WSO2 first introduced Ballerina, an open-source, general-purpose concurrent and strongly typed programming language with both textual and graphical syntaxes, optimized for integration in 2017. General availability of Ballerina 1.0 at https://ballerina.io was then announced in 2019. In a March 2023 product review, InfoWorld rated Ballerina 2201.4.0 (Swan Lake) 4 stars (out of a possible 5).

==Products==

WSO2 provides a range of software platforms focused on API management, integration, identity and access management, agent management, and platform engineering. These offerings are intended to support organizations in modernizing existing IT systems by enabling interoperability between legacy infrastructure and cloud-based environments.
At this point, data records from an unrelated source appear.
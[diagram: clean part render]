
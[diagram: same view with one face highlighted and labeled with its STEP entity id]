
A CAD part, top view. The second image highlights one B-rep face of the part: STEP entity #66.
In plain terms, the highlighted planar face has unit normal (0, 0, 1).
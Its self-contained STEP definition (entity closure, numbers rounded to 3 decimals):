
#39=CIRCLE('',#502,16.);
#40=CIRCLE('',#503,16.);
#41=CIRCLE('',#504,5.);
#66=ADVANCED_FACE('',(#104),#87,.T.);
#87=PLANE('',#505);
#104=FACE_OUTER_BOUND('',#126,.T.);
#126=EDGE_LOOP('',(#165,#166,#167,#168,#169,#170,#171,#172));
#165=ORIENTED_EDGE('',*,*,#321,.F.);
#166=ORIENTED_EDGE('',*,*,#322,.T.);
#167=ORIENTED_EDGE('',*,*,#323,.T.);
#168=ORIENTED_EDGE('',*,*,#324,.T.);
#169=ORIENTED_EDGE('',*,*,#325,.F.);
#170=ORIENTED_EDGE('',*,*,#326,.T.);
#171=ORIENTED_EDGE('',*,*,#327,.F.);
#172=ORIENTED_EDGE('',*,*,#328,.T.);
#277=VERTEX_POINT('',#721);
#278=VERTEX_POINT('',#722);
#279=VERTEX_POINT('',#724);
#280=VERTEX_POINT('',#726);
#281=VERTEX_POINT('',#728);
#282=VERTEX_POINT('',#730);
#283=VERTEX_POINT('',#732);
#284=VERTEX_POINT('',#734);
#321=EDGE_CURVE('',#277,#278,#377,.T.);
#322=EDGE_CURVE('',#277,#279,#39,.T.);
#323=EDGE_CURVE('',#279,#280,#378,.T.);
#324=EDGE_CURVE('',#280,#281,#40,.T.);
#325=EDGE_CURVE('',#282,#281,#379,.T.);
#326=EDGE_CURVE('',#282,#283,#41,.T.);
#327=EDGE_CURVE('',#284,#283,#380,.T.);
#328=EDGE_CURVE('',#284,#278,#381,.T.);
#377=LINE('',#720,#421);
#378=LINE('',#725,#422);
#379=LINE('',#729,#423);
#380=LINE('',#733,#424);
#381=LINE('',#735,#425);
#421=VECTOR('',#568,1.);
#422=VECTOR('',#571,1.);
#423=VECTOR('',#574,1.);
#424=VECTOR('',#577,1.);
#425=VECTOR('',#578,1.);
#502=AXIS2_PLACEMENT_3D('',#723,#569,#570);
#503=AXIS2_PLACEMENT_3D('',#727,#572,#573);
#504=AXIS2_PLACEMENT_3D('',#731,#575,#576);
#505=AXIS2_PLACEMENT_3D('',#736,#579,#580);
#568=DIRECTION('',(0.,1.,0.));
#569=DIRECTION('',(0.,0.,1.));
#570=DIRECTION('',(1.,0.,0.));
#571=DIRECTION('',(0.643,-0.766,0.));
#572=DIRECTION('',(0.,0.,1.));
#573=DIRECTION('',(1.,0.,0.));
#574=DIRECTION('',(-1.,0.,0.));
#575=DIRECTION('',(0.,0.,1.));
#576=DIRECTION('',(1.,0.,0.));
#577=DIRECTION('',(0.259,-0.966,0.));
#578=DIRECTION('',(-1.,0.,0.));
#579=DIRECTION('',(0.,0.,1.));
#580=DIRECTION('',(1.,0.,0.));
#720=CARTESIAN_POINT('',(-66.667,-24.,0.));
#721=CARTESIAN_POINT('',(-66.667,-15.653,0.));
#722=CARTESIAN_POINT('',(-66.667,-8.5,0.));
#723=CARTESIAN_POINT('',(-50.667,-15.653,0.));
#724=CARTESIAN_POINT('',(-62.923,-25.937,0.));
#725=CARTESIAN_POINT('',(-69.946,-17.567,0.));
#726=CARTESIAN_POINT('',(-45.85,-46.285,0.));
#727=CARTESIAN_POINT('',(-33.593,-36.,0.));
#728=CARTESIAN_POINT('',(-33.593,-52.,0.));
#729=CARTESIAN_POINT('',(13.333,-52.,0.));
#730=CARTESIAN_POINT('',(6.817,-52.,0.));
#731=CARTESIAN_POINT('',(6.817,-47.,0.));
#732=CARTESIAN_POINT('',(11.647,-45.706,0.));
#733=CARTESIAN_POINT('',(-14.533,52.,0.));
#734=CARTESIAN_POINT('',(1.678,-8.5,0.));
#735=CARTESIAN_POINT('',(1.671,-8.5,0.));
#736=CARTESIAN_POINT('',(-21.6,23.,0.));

The platforms facilitate the integration of disparate systems, management of digital interactions, and incremental adoption of artificial intelligence capabilities, including support for agent-based architectures.
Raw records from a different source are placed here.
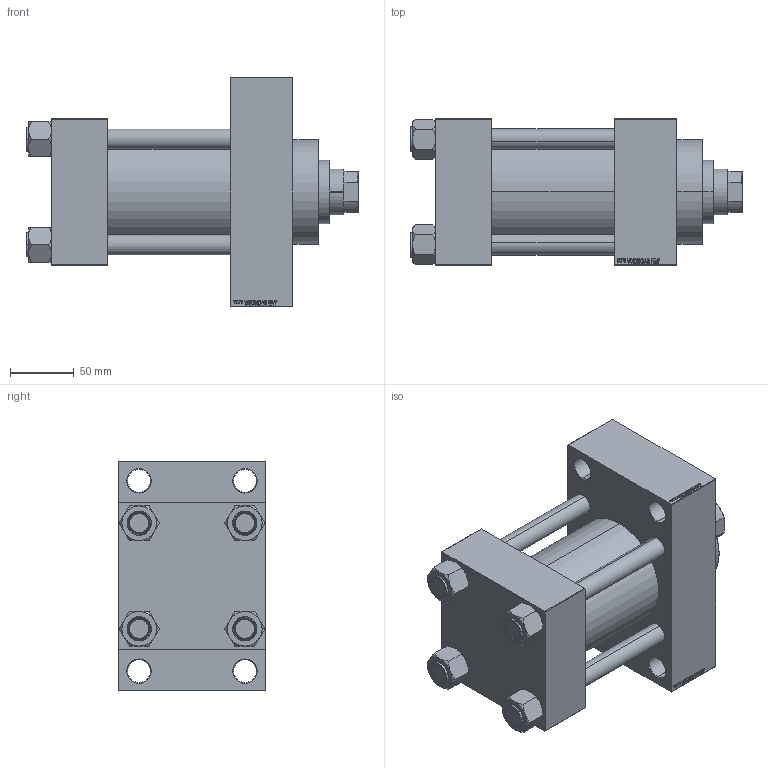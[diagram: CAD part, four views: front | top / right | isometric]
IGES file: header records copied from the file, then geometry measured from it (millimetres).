
Start section: SolidWorks IGES file using analytic representation for surfaces
Global section: file name: 0351.IGS; native system: SolidWorks 2019; preprocessor: SolidWorks 2019; author: Model3D; date: 240403.090337; units: millimetre
Bounding box: 260 x 115 x 180 mm (x, y, z)
Surface area: 318973.2 mm2 (no closed solid volume)
Topology: 0 solids, 0 shells, 1152 faces, 15912 edges, 15910 vertices
Faces by surface type: bspline 921, revolution 231

WSO2 emphasizes the use of open-source technologies and supports multiple deployment models, including on-premises, cloud, and hybrid environments, allowing organizations to align implementations with regulatory, operational, and regional considerations such as data sovereignty and infrastructure control.

- Agent Platform - An open platform for enterprise AI agents
- API Platform - An open platform to control APIs, AI, and MCP to ship, govern, monetize APIs, AI and MCP across any cloud or gateway
- Integration platform - A platform that connects the agentic enterprise with the building of AI agents, and any type of integration with complete deployment flexibility and data sovereignty
- Identity platform - One API-first platform to orchestrate identity for humans and AI agents, securing organizations with the flexibility of open source software
- Engineering platform - An AI-native foundation for enterprise platform teams, delivering modular golden paths with built-in CI/CD automation, deep observability, and governance-by-design to accelerate developer and agent delivery

== Operations ==
As of 2023, WSO2 has offices in: Mountain View, California; Austin, Texas; London, UK; São Paulo, Brazil; Sydney, Australia; Munich, Germany; Dubai, United Arab Emirates; Mumbai, India; Singapore, and Colombo, Sri Lanka. The bulk of its research and operations are conducted from its main office in Colombo.